Traditionally, we just worry about our hardware, and then we add software, but now we have models, we have data. You have more dimensions you need to consider.
[AI observability] is particularly challenging. Most IT operators are trained computer engineers. They understand hardware, code and software, but they are not trained data scientists.
For example, [with] network bandwidth, I see a loss rate is high. I know there’s something wrong. But if I look at AI models, and if I tell you PSI [Population Stability Index] is high or low, if you don’t know what PSI means, it will be hard for you to interpret is this bad or good?
The additional challenge is that to maintain and manage those AI systems, you need to have data science knowledge.
That’s where InsightFinder wants to fill this gap. We ... encapsulate data science knowledge in our product so we can explain to you, OK, you have model drift.
Who is your typical customer?
Our customers are pretty diversified. There are customers who are large Fortune 500 companies. We deploy our AI engine in their data centers, in their AI platforms ... we help them manage all these mission-critical environments.
We have some customers who are small companies. They don’t have a lot of resources to run their companies. Some of [them] are AI companies.

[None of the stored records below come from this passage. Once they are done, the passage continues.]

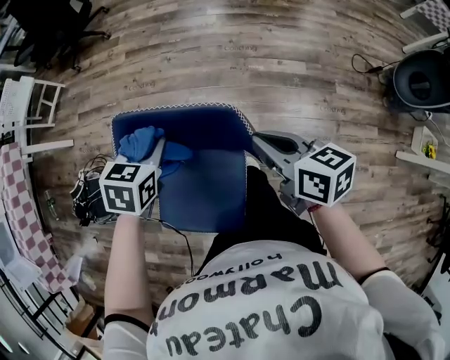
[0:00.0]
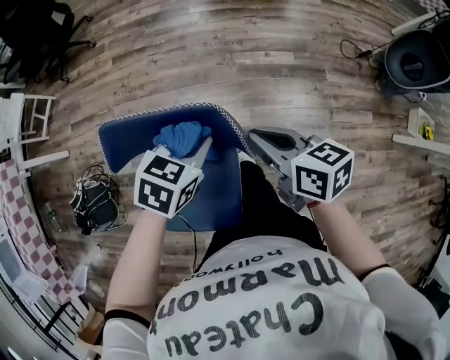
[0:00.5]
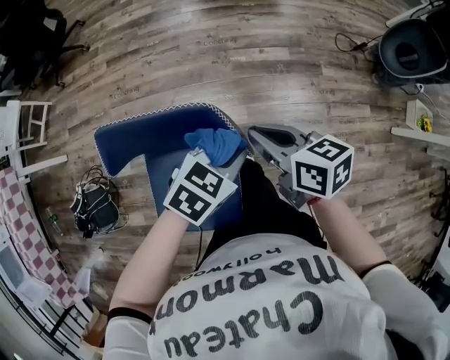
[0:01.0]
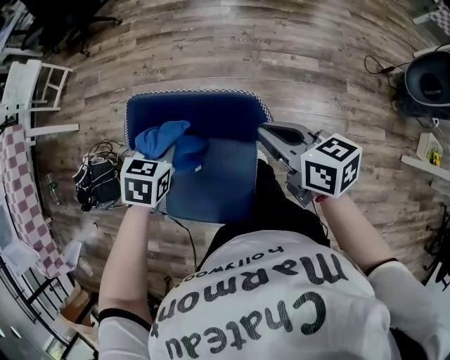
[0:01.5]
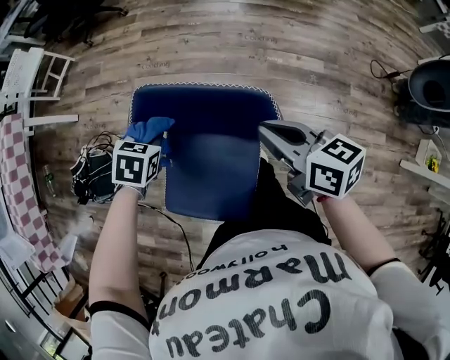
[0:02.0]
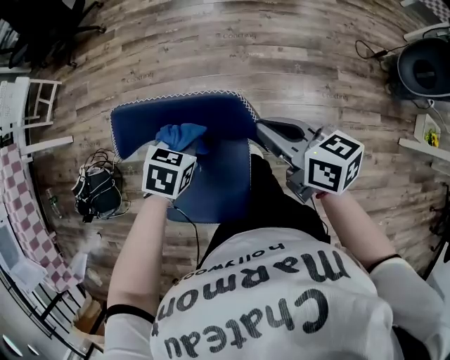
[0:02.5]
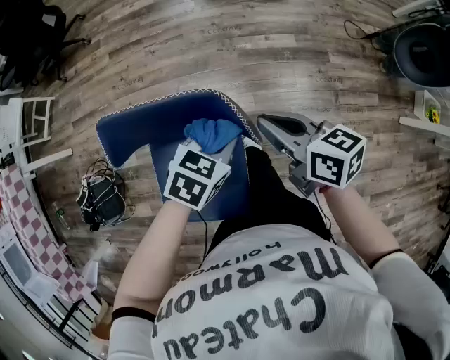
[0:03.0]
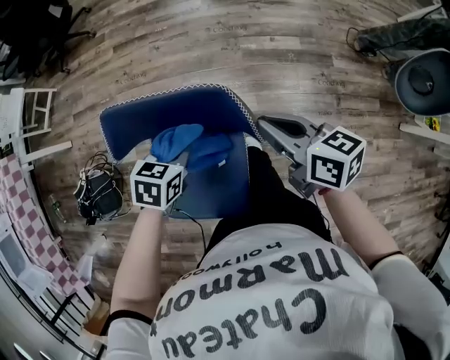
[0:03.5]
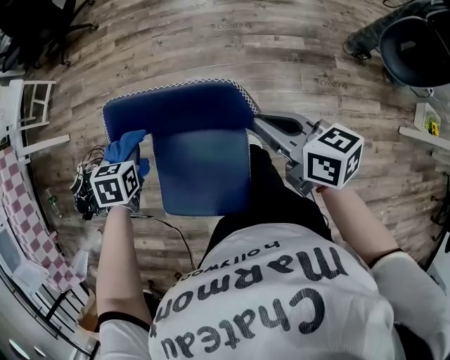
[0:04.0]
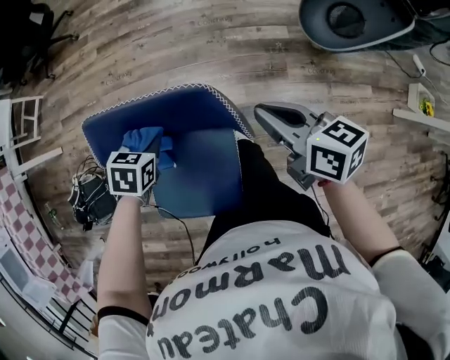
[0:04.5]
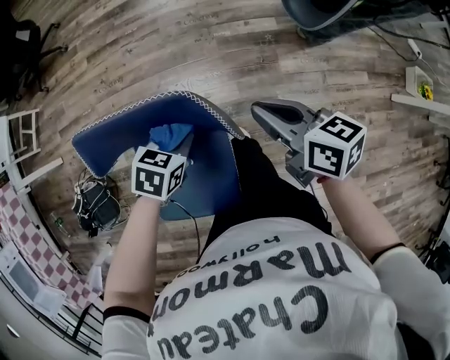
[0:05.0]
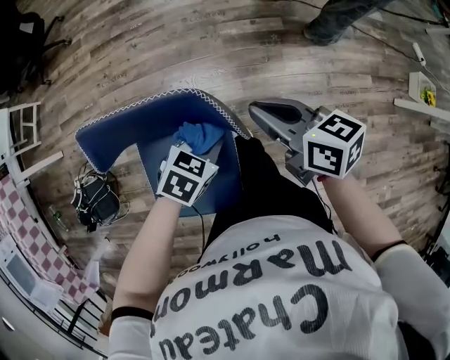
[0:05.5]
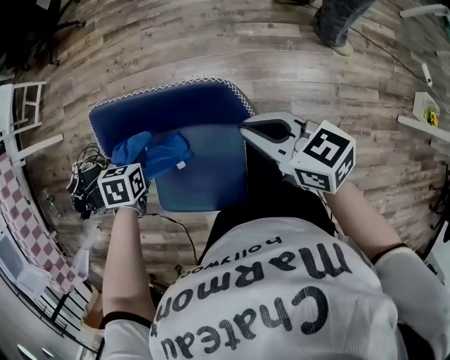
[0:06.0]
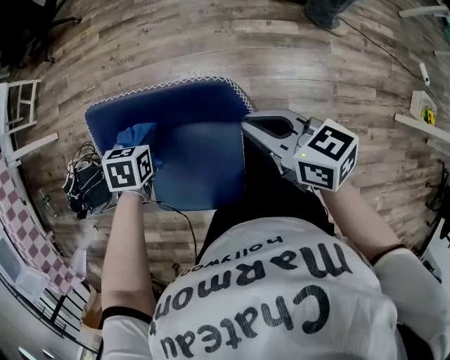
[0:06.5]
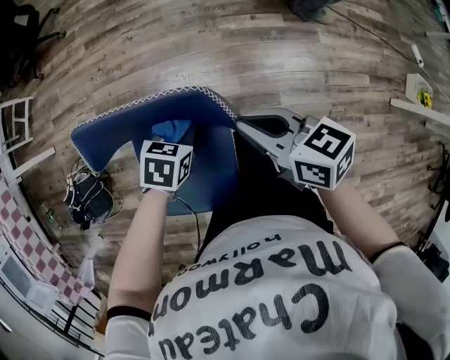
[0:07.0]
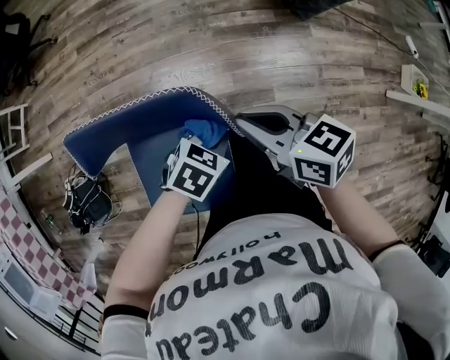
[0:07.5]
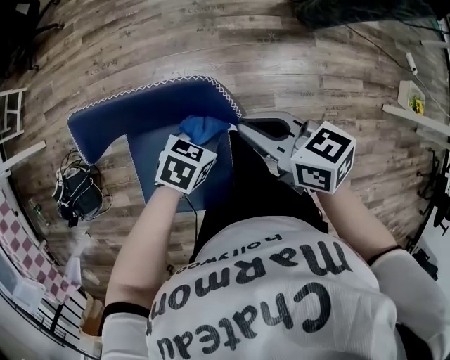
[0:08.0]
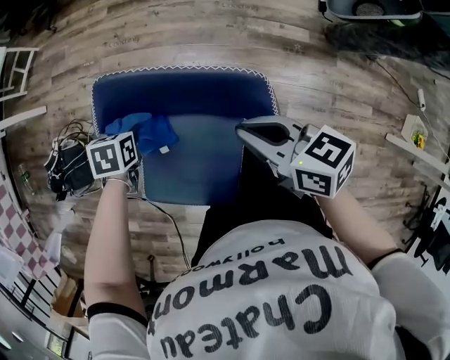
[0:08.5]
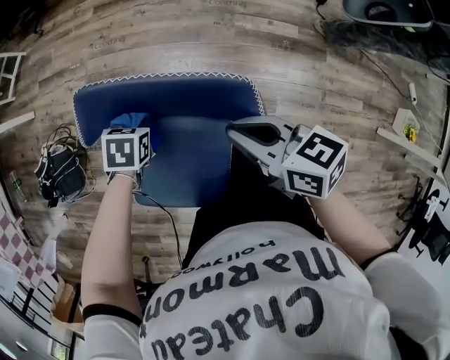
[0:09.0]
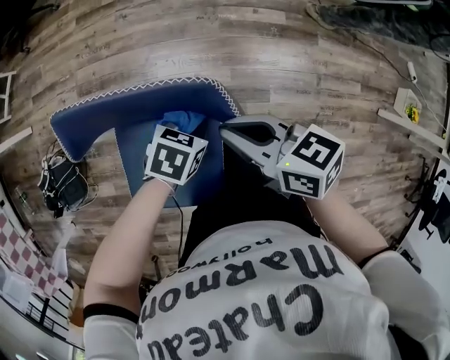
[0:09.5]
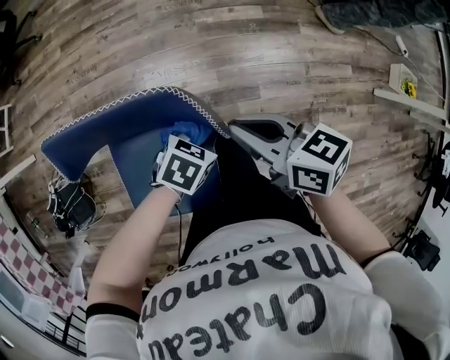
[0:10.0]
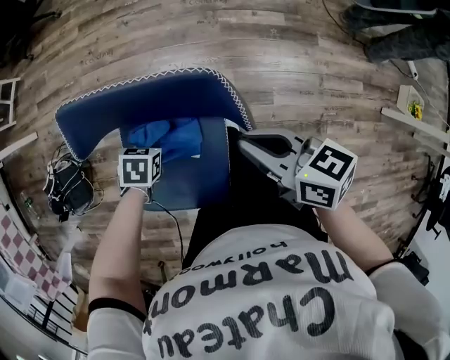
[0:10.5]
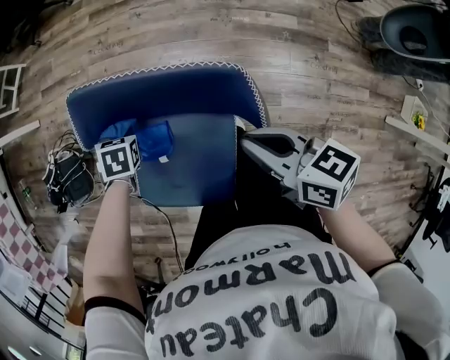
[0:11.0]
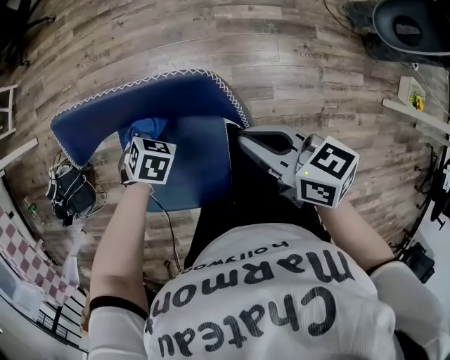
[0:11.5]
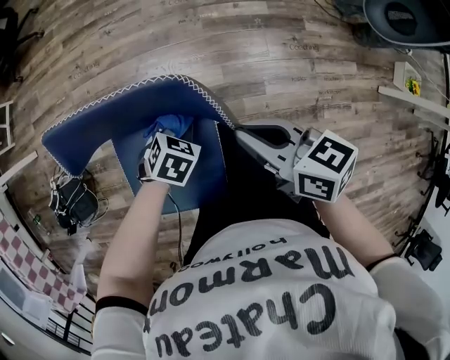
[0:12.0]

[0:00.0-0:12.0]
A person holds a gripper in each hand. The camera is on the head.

We work with an online education company, we help them make sure their service is running and they rely on InsightFinder solely to run their website.
Because we are doing this unsupervised machine learning, we can adapt to different environments.
Can you share some of your predictions or thoughts on the AI space in 2025?
There was a lot of hype in 2024. I think this year people will become more cautious on what business value [AI] can bring. How do you quantify business value?
It’s important to understand how to use AI. AI technology is very powerful. It’s not just simply, throw the data into the model and then you will get the magic correct answer. You need to understand how AI models work in different use cases.
The other thing is also to make sure your model is ethical, correct and responsible.